Chapter 1. Introduction

Table of Contents

Who was Bartholomew the Englishman?
Evidence for the travels and longevity of ‘Properties’
Tracing the journey
The marginal glosses
Approach and method

As I gather, Bartholomaeus Glanville took his name from the most noble family of the earls of Suffolk. As a youth he faithfully observed the Franciscan way of life. When older he frequented the Vale of Isis, Paris, and even, if the surmise is correct, Rome herself. A wise man, he spent the first parts of his studies acquiring skill in philosophy and, equally, theology: in the former, so that he might investigate more precisely the causes of material things; in the latter, so that he might, so to speak, illumine his mind with a divine radiance. Aristotle, Plato and Pliny were his companions in that situation; distinguished by his mastery of them, he elegantly composed and put forth the book of Properties of Things: which the hand of time constantly tended, so that its fame has justly grown to greatness.[1]

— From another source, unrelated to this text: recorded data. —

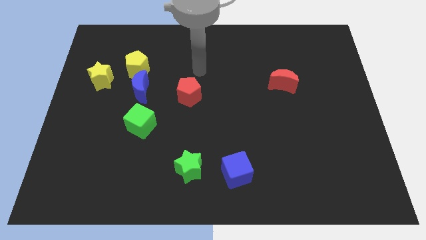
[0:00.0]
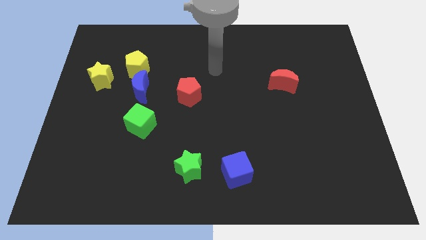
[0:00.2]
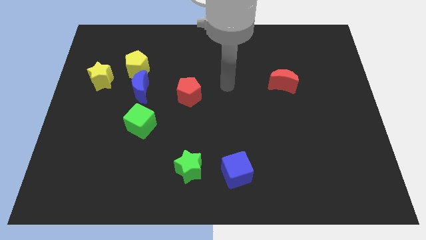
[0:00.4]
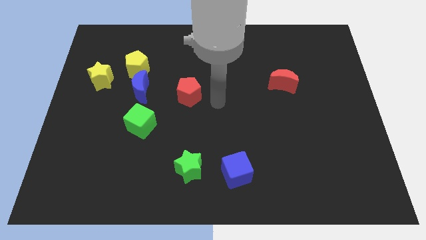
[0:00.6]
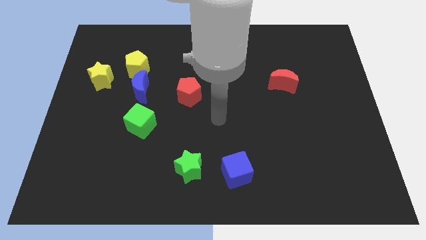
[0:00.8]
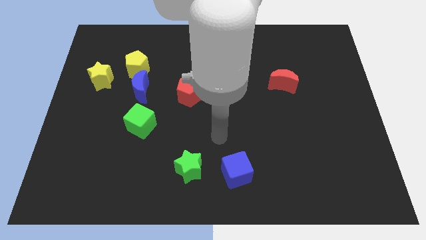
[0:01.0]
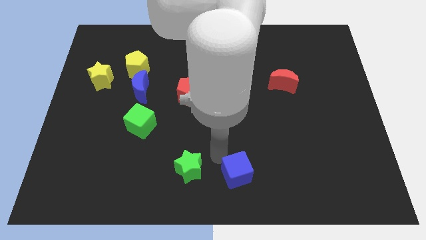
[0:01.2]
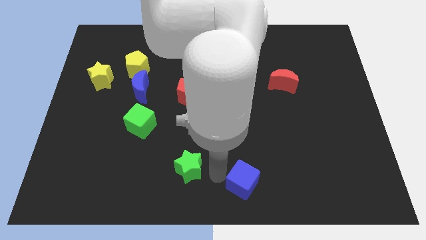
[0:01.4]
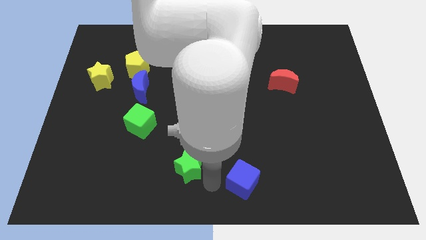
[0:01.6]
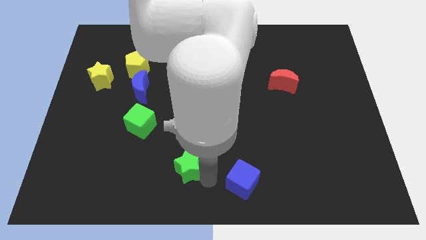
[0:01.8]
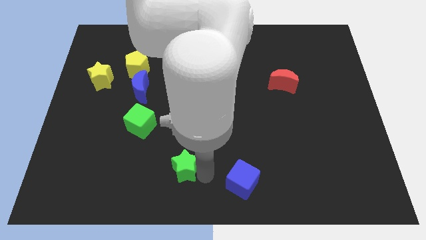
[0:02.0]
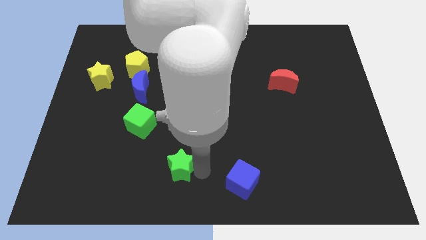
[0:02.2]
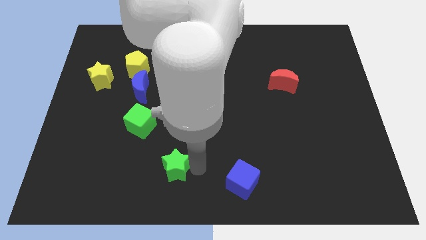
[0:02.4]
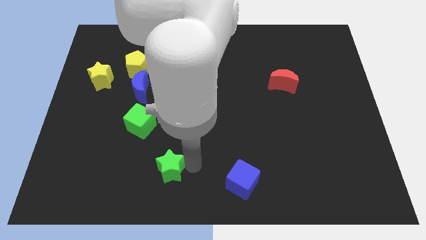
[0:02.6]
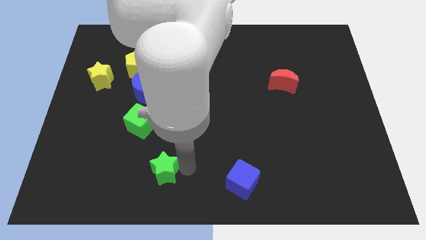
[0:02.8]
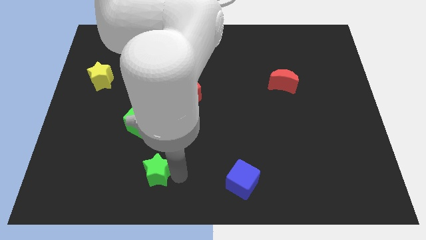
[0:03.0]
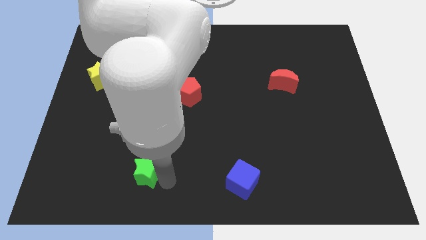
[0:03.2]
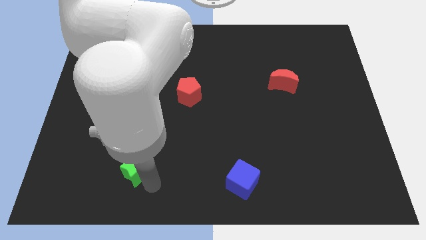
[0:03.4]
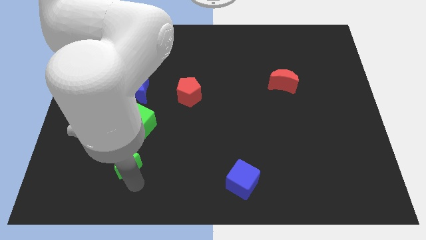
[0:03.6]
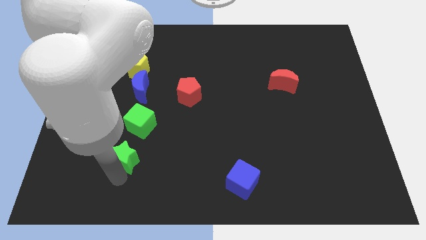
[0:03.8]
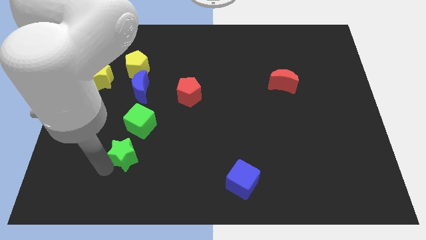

Historians have been interested in the De proprietatibus rerum of Bartholomew the Englishman since the sixteenth century, when John Leland (d.1552) included the compiler in his catalogue of esteemed English writers and planted the notion of Bartholomew’s Glanville origins. Successive ages and literary cultures have found their own uses for the work and its compiler and their own reasons to investigate him and the image of creation that he helped to perpetuate. The present age is no exception — Bartholomew’s identity, career, philosophy and achievement have all been examined and re-assessed since Leland’s time. It is not the intention here to enter into the debate about Bartholomew’s identity but, rather, to draw conclusions about the ways in which later cultures perceived and represented him. We do have sufficient evidence to be able to introduce him as a not-too-shadowy figure, and to follow traces of some of the personae he acquired over time. These traces, in the form of written responses and attitudes to him and his work, invite the historian’s scrutiny as testimony to changes in medieval people’s ideas about things and their properties. The work becomes a point of reference by which we can judge adherences to, or departures from, orthodox medieval representations of the world and society.

Who was Bartholomew the Englishman?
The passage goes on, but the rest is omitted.